Around 10% of sperm from a healthy human male carry visible chromosomal abnormalities. Despite the relevance of this striking statistic to the fertility of males in one generation, and the health of their progeny in the next, we know surprisingly little about the origins and causes of these sperm abnormalities. Sloter et al. have developed a fluorescence in situ hybridization (FISH) assay to detect specific chromosomal abnormalities in sperm — an assay that will provide new insight into the poor quality of human sperm.

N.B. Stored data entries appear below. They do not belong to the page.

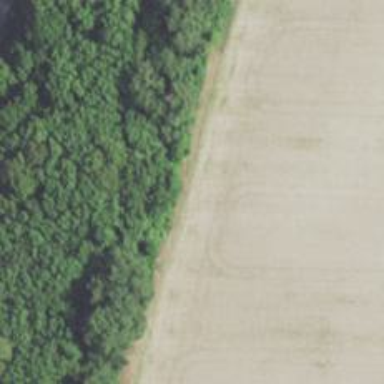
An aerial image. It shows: Track road with grade3 tracktype.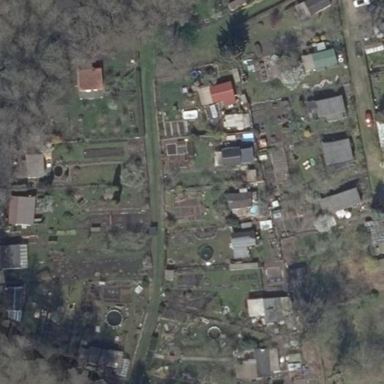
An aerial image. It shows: Allotments area.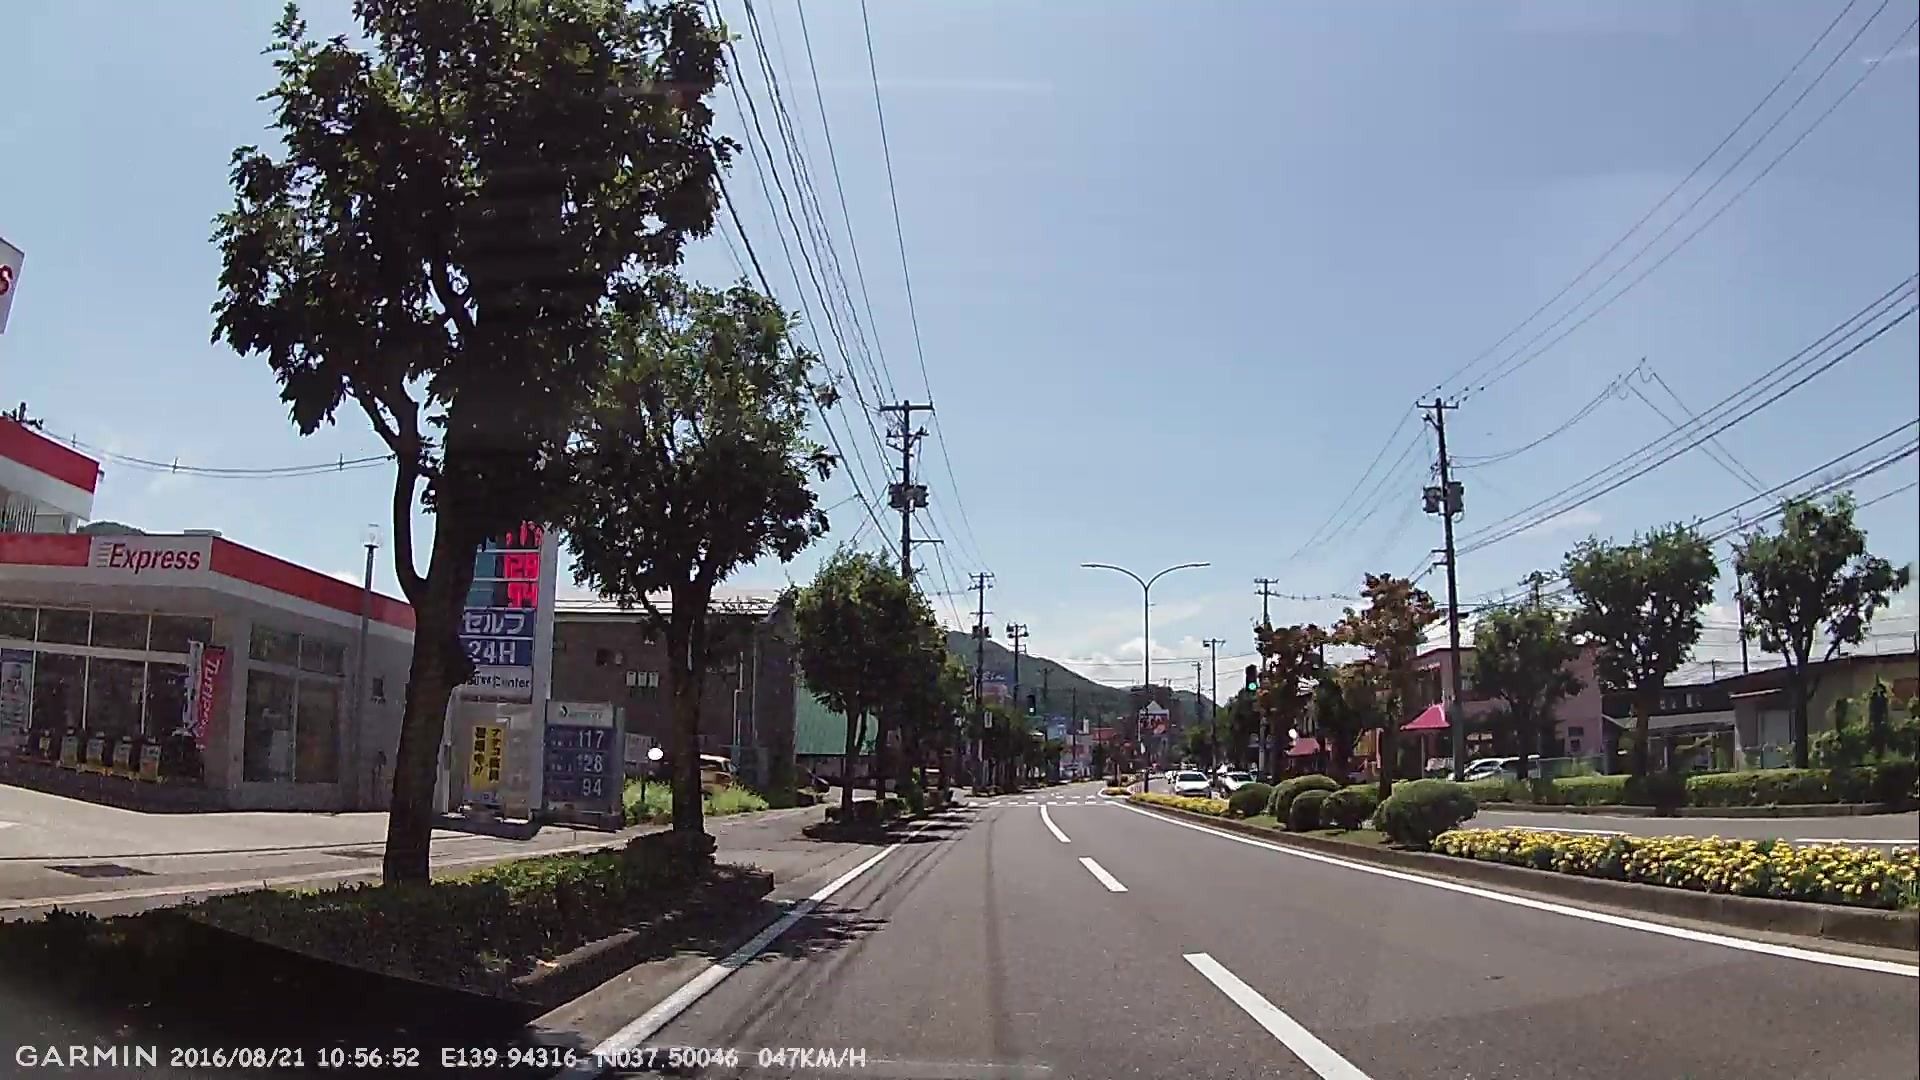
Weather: clear
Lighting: day
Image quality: good
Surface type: driving surface
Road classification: primary
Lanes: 2.0
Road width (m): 3.3
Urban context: urban centre
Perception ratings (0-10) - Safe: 4.42, Lively: 9, Beautiful: 4.5, Boring: 2.11, Depressing: 3.52, Wealthy: 4.75

Much of the previous analysis of chromosomal abnormalities in sperm has relied on the hamster-egg method. In this method, sperm are allowed to fuse with hamster oocytes, and when the sperm chromosomes enter metaphase, they are visualized by traditional cytogenetic staining methods. High frequencies of sperm chromosomal abnormalities have been detected in this assay, but it was always possible that the abnormalities seen at metaphase were induced after fusion.

Multicolour FISH methods for the direct analysis of human sperm have been developed over recent years and, in the latest work, Sloter et al. have devised an assay that can detect chromosomal breaks and aneuploidy on chromosome 1. Three separate probes are used that hybridize to different satellite DNA loci — two near the centromere (1cen, labelled red and 1q12, blue) and one at the tip of the short arm of the chromosome (1p36, green).

The authors have catalogued a range of chromosomal defects in the mature sperm of four healthy males. In the image (courtesy of A. J. Wyrobek), evidence for a break within the 1q12 chromosomal region is shown. The current assay focuses on one region of the genome, but extrapolation to the whole genome yields an estimate for the number of chromosomal abnormalities in sperm that agrees with previous hamster-egg studies — around 8%. Structural abnormalities, such as chromosomal breaks, tend to occur more frequently than aneuploidy. The position of the breaks could also be assessed, and evidence for chromosomal hotspots (which varied from one individual to the next) was detected. This and other FISH-based assays now set the scene for more detailed analyses of the genetic and environmental factors that influence the occurrence of sperm chromosomal abnormalities.